YOUR TASK: Would you please copy every line from the records that contains the word "August"?

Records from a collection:

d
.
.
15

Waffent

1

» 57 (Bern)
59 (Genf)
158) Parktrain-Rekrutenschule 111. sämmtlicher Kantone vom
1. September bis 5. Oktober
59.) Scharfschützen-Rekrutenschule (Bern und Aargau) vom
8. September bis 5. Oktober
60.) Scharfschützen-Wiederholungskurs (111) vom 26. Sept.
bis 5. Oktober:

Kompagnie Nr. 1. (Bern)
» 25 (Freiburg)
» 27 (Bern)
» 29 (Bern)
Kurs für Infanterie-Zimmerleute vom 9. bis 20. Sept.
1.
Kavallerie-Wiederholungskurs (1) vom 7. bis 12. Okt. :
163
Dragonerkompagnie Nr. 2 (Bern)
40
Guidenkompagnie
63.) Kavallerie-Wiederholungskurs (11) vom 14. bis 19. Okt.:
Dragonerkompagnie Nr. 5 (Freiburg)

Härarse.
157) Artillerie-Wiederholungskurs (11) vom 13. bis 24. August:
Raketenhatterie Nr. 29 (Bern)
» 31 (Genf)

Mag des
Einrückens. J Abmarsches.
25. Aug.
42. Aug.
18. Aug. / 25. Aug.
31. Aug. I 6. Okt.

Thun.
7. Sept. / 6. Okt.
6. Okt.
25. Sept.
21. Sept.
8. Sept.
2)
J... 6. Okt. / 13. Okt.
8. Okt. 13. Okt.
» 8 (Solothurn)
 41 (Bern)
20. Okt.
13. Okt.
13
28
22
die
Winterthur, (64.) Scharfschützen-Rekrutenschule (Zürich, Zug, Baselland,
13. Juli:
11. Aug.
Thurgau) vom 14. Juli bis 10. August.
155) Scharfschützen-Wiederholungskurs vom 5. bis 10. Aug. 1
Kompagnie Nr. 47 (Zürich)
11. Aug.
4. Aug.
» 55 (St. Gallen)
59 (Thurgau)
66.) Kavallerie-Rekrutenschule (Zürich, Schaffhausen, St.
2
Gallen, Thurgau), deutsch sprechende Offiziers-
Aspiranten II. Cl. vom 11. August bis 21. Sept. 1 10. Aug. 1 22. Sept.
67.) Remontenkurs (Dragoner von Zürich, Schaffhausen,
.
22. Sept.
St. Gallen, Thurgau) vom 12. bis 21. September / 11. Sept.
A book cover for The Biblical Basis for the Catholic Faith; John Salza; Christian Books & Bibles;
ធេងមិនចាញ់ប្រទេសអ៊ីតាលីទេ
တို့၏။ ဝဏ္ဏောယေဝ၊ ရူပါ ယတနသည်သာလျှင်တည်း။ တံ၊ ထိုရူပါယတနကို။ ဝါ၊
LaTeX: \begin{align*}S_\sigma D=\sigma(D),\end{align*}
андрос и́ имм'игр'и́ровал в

FINISHED EXERCISE:
157) Artillerie-Wiederholungskurs (11) vom 13. bis 24. August:
Thurgau) vom 14. Juli bis 10. August.
Aspiranten II. Cl. vom 11. August bis 21. Sept. 1 10. Aug. 1 22. Sept.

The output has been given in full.